Dataset items:
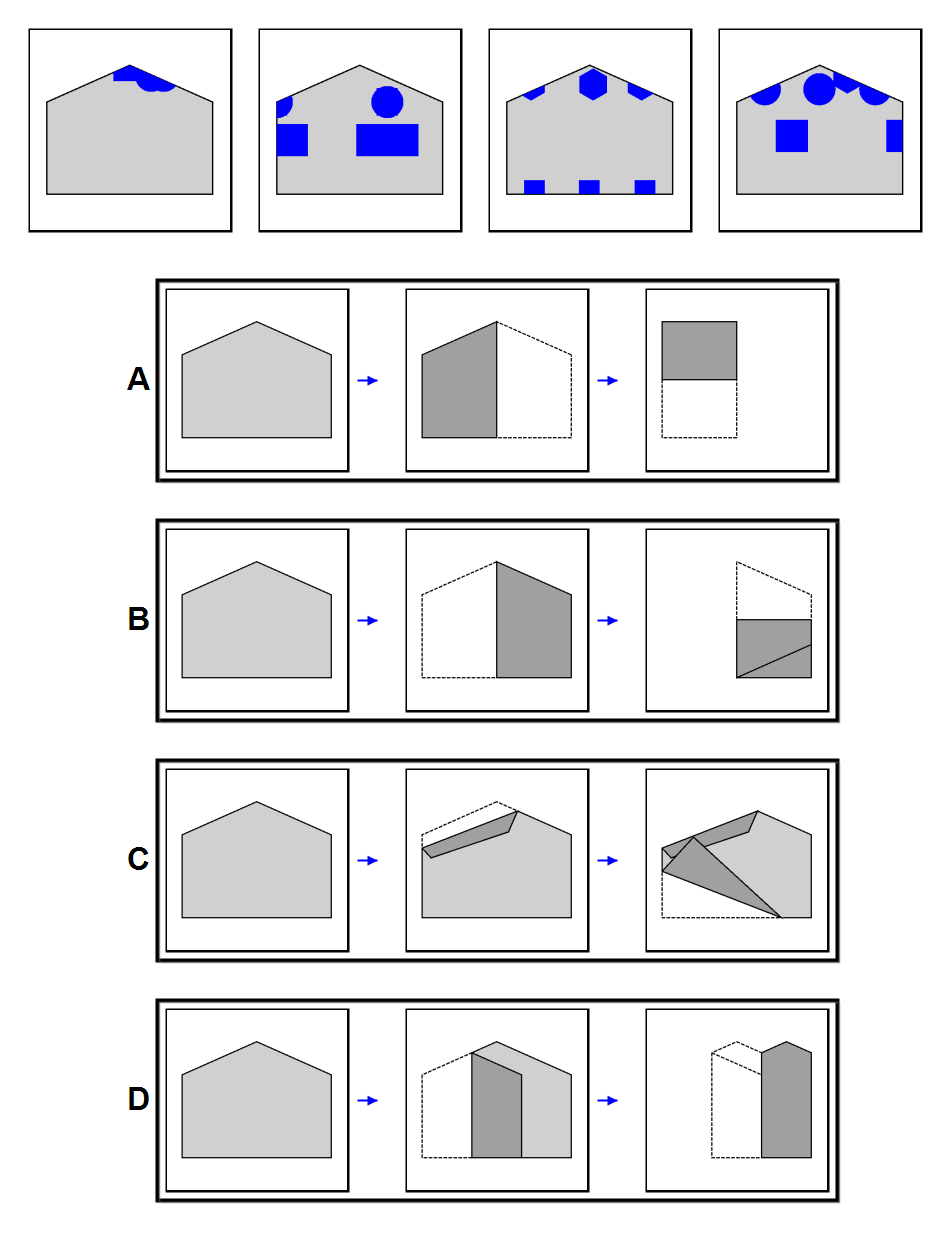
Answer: D
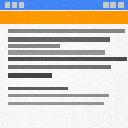
Screen state: on
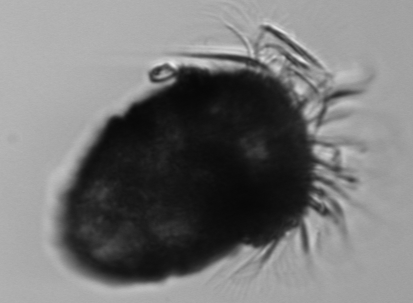
Label: Stenosemella_morphotype1
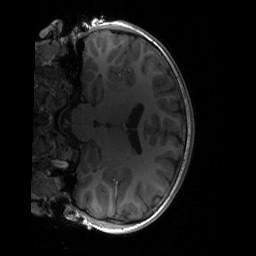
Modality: T1w
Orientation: coronal
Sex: male
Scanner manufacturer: siemens
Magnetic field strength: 3 T
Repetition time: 1.9 s
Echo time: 0.00243 s
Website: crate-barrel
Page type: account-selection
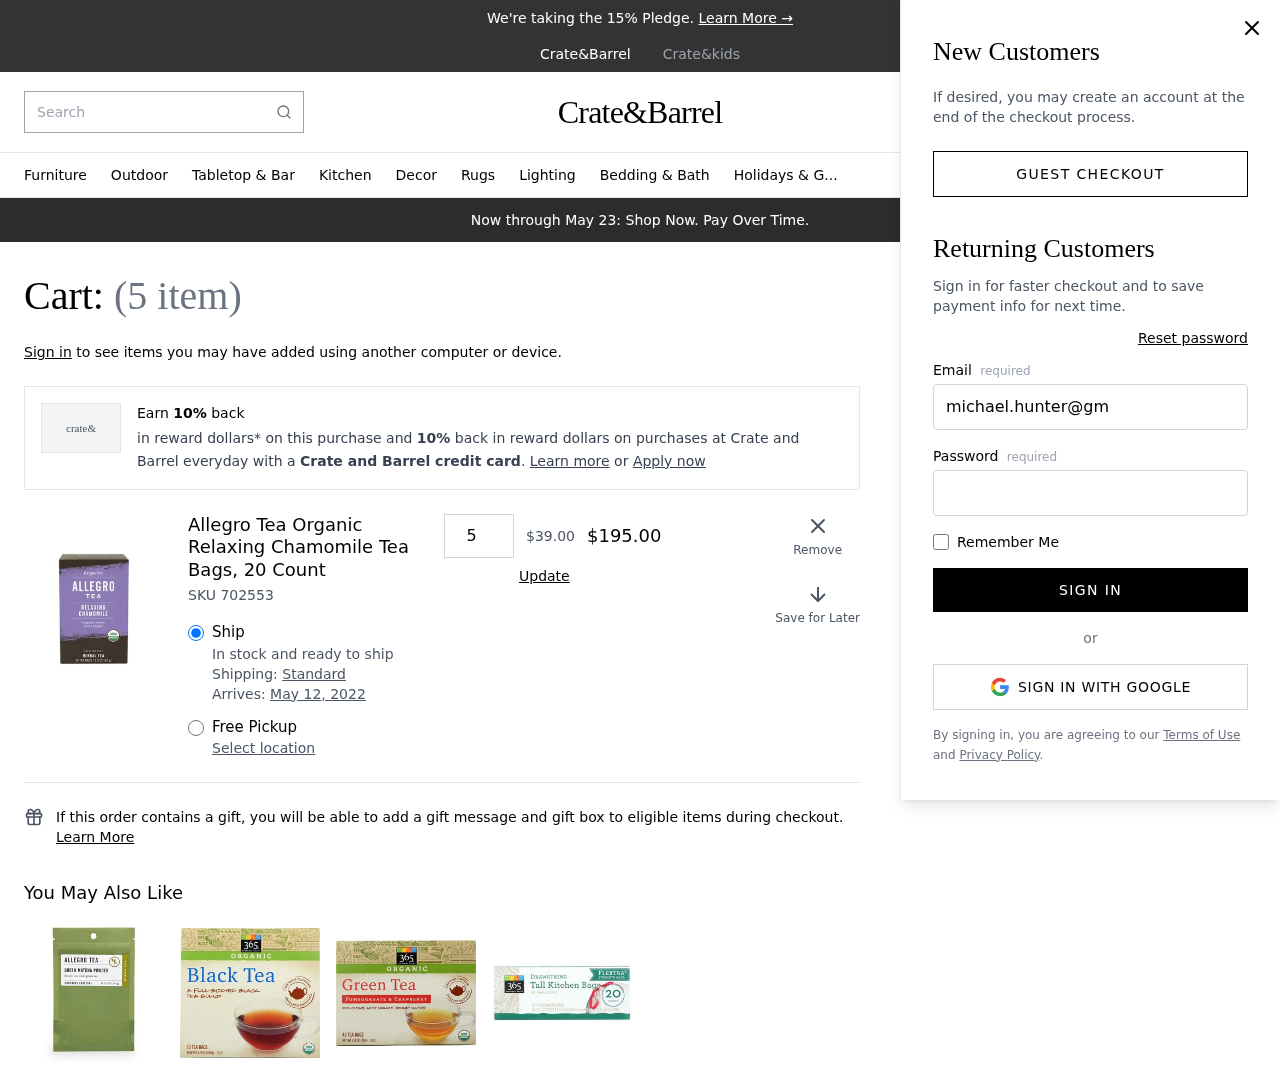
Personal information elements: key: PII_EMAIL
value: michael.hunter@gmail.com
Product elements: key: PRODUCT1_NAME
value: Allegro Tea Organic Relaxing Chamomile Tea Bags, 20 Count
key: PRODUCT1_PRICE
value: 39
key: PRODUCT1_QUANTITY
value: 5
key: PRODUCT1_SKU
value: SKU 702553
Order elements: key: ORDER_NUM_ITEMS
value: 5
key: ORDER_DELIVERY_DATE
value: May 12, 2022
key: ORDER_SUBTOTAL
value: $195.00
Search elements: key: HEADER_SEARCH
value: Search
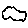
Label: cloud

The task: Leave the pictures out and return each entry exactly.

Solution to this task:
Answer: D
Screen state: on
Label: Stenosemella_morphotype1
Modality: T1w
Orientation: coronal
Sex: male
Scanner manufacturer: siemens
Magnetic field strength: 3 T
Repetition time: 1.9 s
Echo time: 0.00243 s
Website: crate-barrel
Page type: account-selection
Personal information elements: key: PII_EMAIL
value: michael.hunter@gmail.com
Product elements: key: PRODUCT1_NAME
value: Allegro Tea Organic Relaxing Chamomile Tea Bags, 20 Count
key: PRODUCT1_PRICE
value: 39
key: PRODUCT1_QUANTITY
value: 5
key: PRODUCT1_SKU
value: SKU 702553
Order elements: key: ORDER_NUM_ITEMS
value: 5
key: ORDER_DELIVERY_DATE
value: May 12, 2022
key: ORDER_SUBTOTAL
value: $195.00
Search elements: key: HEADER_SEARCH
value: Search
Label: cloud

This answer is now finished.